On Friday, Oklahoma City police charged a pair of environmental activists with staging a “terrorism hoax” after they unfurled a pair of banners covered in glitter—a substance local cops considered evidence of a faux biochemical assault.

Stefan Warner and Moriah Stephenson, members of the environmental group Great Plains Tar Sands Resistance, were part of a group of about a dozen activists demonstrating at Devon Tower, the headquarters of fossil fuel giant Devon Energy. They activists were protesting the company’s use of fracking, its role in mining of Canada’s tar sands, and its ties to TransCanada, the energy company planning to construct the Keystone XL pipeline. As other activists blocked the building’s revolving door, Warner and Stephenson hung two banners—one a cranberry-colored sheet emblazoned with The Hunger Games “mockingjay” symbol and the words “The odds are never in our favor” in gold letters—from the second floor of the Devon Tower’s atrium.

Police who responded to the scene arrested Warner and Stephenson along with two other protesters.

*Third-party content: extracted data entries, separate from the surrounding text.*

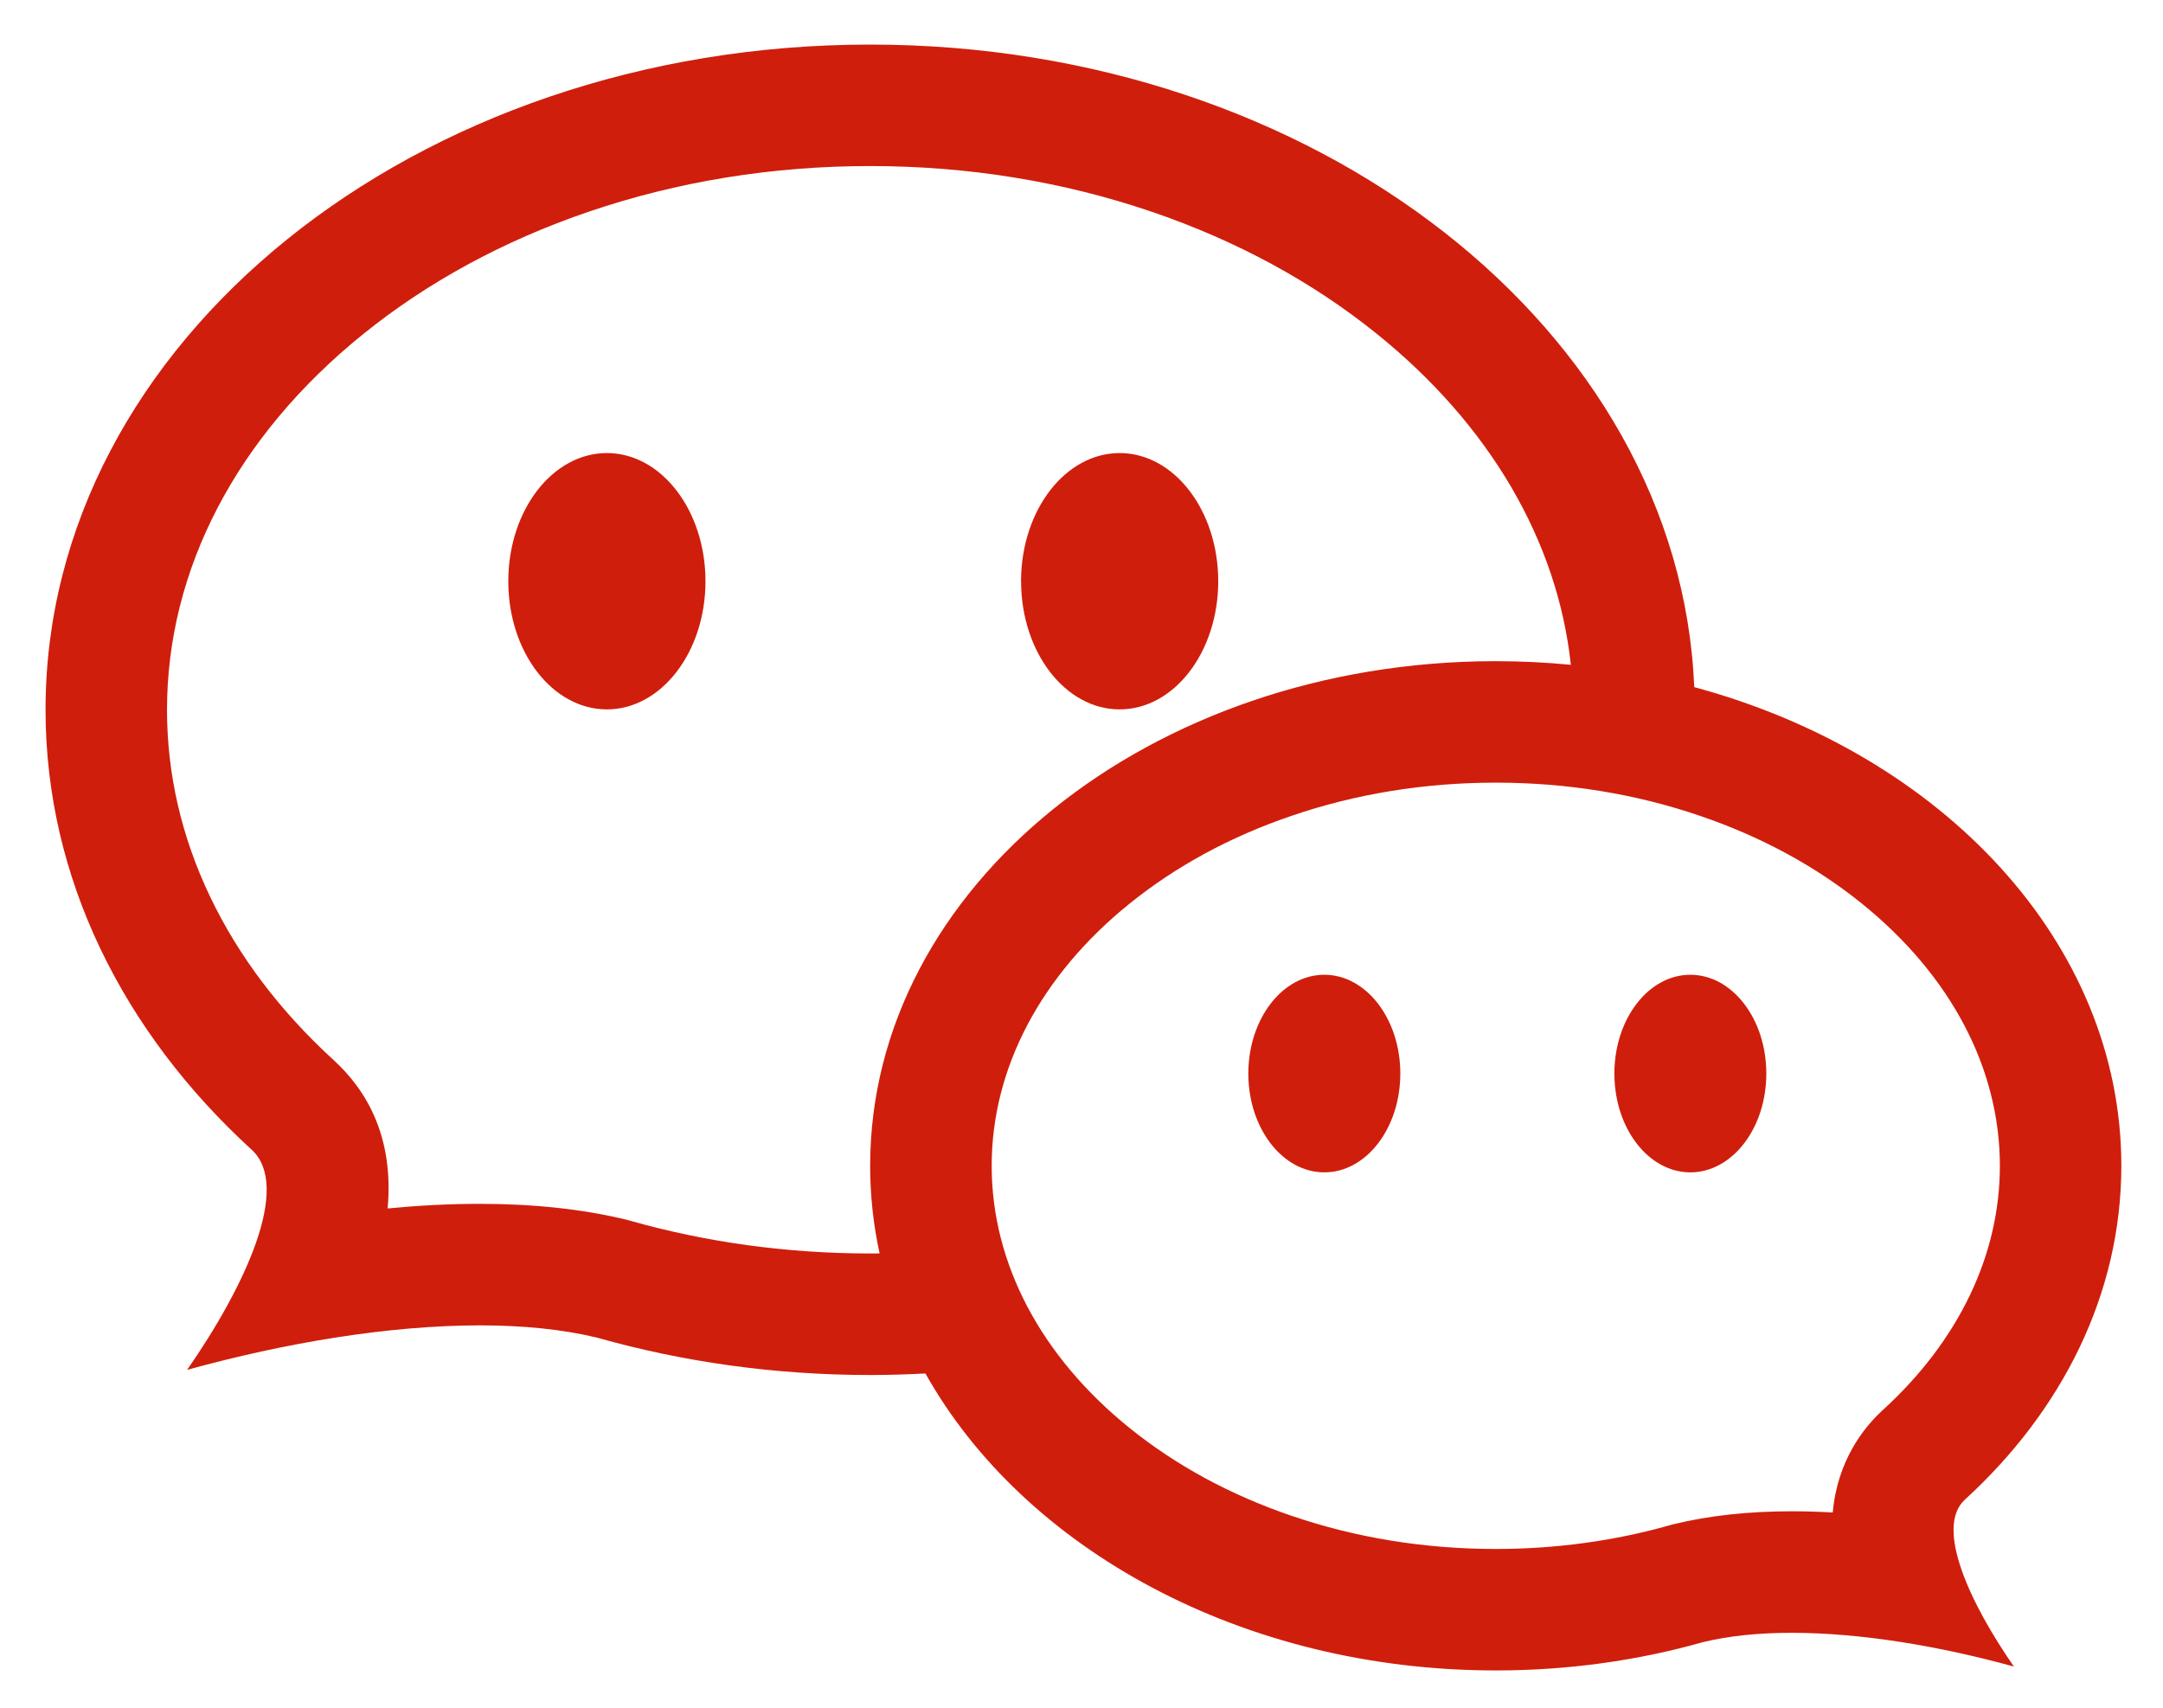 ﻿<?xml version="1.0" encoding="utf-8"?>
<svg version="1.1" xmlns:xlink="http://www.w3.org/1999/xlink" width="38px" height="30px" xmlns="http://www.w3.org/2000/svg">
  <g transform="matrix(1 0 0 1 -1514 -642 )">
    <path d="M 34.52 26.344  C 36.23 24.781  37.268 22.728  37.268 20.48  C 37.268 16.567  34.125 13.247  29.765 12.071  C 29.505 5.801  23.123 0.783  15.287 0.783  C 7.286 0.783  0.8 6.015  0.8 12.469  C 0.8 15.432  2.168 18.138  4.422 20.198  C 5.127 20.843  4.301 22.607  3.287 24.065  C 5.001 23.591  6.83 23.283  8.431 23.283  C 9.181 23.283  9.881 23.351  10.495 23.5  C 11.995 23.924  13.608 24.155  15.287 24.155  C 15.613 24.155  15.937 24.145  16.258 24.128  C 17.982 27.204  21.82 29.345  26.278 29.345  C 27.552 29.345  28.775 29.171  29.913 28.849  C 30.379 28.735  30.91 28.684  31.479 28.684  C 32.693 28.684  34.081 28.918  35.381 29.277  C 34.612 28.171  33.985 26.833  34.52 26.344  Z M 15.287 22.02  C 13.84 22.02  12.423 21.827  11.076 21.446  L 11.039 21.436  L 11.001 21.426  C 10.244 21.242  9.38 21.148  8.432 21.148  C 7.887 21.148  7.342 21.178  6.81 21.229  C 6.923 19.978  6.444 19.155  5.862 18.623  C 4.922 17.764  4.191 16.798  3.691 15.752  C 3.189 14.701  2.934 13.597  2.934 12.469  C 2.934 10.005  4.159 7.661  6.383 5.867  C 7.519 4.951  8.849 4.229  10.337 3.721  C 11.901 3.188  13.566 2.917  15.287 2.917  C 17.008 2.917  18.674 3.188  20.237 3.721  C 21.725 4.229  23.056 4.951  24.191 5.867  C 26.176 7.468  27.364 9.508  27.597 11.679  C 27.165 11.637  26.724 11.615  26.278 11.615  C 20.208 11.615  15.287 15.584  15.287 20.48  C 15.287 21.005  15.344 21.519  15.453 22.019  C 15.397 22.019  15.342 22.02  15.287 22.02  Z M 33.08 24.768  C 32.735 25.084  32.28 25.663  32.198 26.57  C 31.959 26.557  31.719 26.549  31.478 26.549  C 30.718 26.549  30.021 26.625  29.407 26.775  L 29.37 26.784  L 29.332 26.795  C 28.356 27.071  27.328 27.211  26.278 27.211  C 25.029 27.211  23.821 27.015  22.689 26.628  C 21.617 26.263  20.661 25.744  19.846 25.087  C 18.283 23.826  17.422 22.19  17.422 20.48  C 17.422 18.77  18.283 17.134  19.846 15.873  C 20.661 15.216  21.617 14.697  22.689 14.332  C 23.821 13.945  25.029 13.749  26.278 13.749  C 27.526 13.749  28.734 13.945  29.866 14.332  C 30.938 14.697  31.895 15.216  32.709 15.873  C 34.272 17.134  35.134 18.77  35.134 20.48  C 35.134 21.258  34.957 22.022  34.61 22.748  C 34.259 23.482  33.744 24.162  33.08 24.768  Z M 8.93 10.239  L 8.93 10.184  C 8.941 8.952  9.712 7.959  10.662 7.959  C 11.618 7.959  12.394 8.967  12.394 10.211  C 12.394 11.454  11.618 12.462  10.662 12.462  C 9.712 12.462  8.941 11.469  8.93 10.239  Z M 17.939 10.239  L 17.938 10.184  C 17.95 8.952  18.721 7.959  19.67 7.959  C 20.627 7.959  21.402 8.967  21.402 10.211  C 21.402 11.454  20.627 12.462  19.67 12.462  C 18.721 12.462  17.95 11.469  17.939 10.239  Z M 21.931 18.887  L 21.931 18.833  C 21.943 17.886  22.536 17.124  23.266 17.124  C 24.003 17.124  24.601 17.901  24.601 18.859  C 24.601 19.818  24.003 20.595  23.266 20.595  C 22.536 20.595  21.943 19.833  21.931 18.887  Z M 28.362 18.887  L 28.362 18.833  C 28.373 17.886  28.967 17.124  29.696 17.124  C 30.434 17.124  31.031 17.901  31.031 18.859  C 31.031 19.818  30.434 20.595  29.696 20.595  C 28.966 20.595  28.373 19.833  28.362 18.887  Z " fill-rule="nonzero" fill="#d01e0c" stroke="none" transform="matrix(1 0 0 1 1514 642 )" />
  </g>
</svg>

But while their fellow activists were arrested for trespassing, Warner and Stephenson were hit with additional charges of staging a fake bioterrorism attack. It’s an unusually harsh charge to levy against nuisance protestors. In Oklahoma, a conviction for a “terrorist hoax” carries a prison sentence of up to 10 years.

Oklahoma City police spokesman Captain Dexter Nelson tells Mother Jones that Devon Tower security officers worried that the “unknown substance” falling from the two banners might be toxic because of “the covert way [the protesters] presented themselves…A lot were dressed as somewhat transient-looking individuals. Some were wearing all black,” he says. “Inside the banners was a lot of black powder substance, later determined to be glitter.” In their report, Nelson says, police who responded to the scene described it as a “biochemical assault.” “Even the FBI responded,” he adds. A spokesman for Devon Energy declined to comment.

Nothing quite says terrorism like transient-looking individuals wearing black. And, of course, we have all been deeply unsettled by new black anthrax that’s all the rage with al-Qaeda youth today.

Ain’t glitter terrorism fabulous?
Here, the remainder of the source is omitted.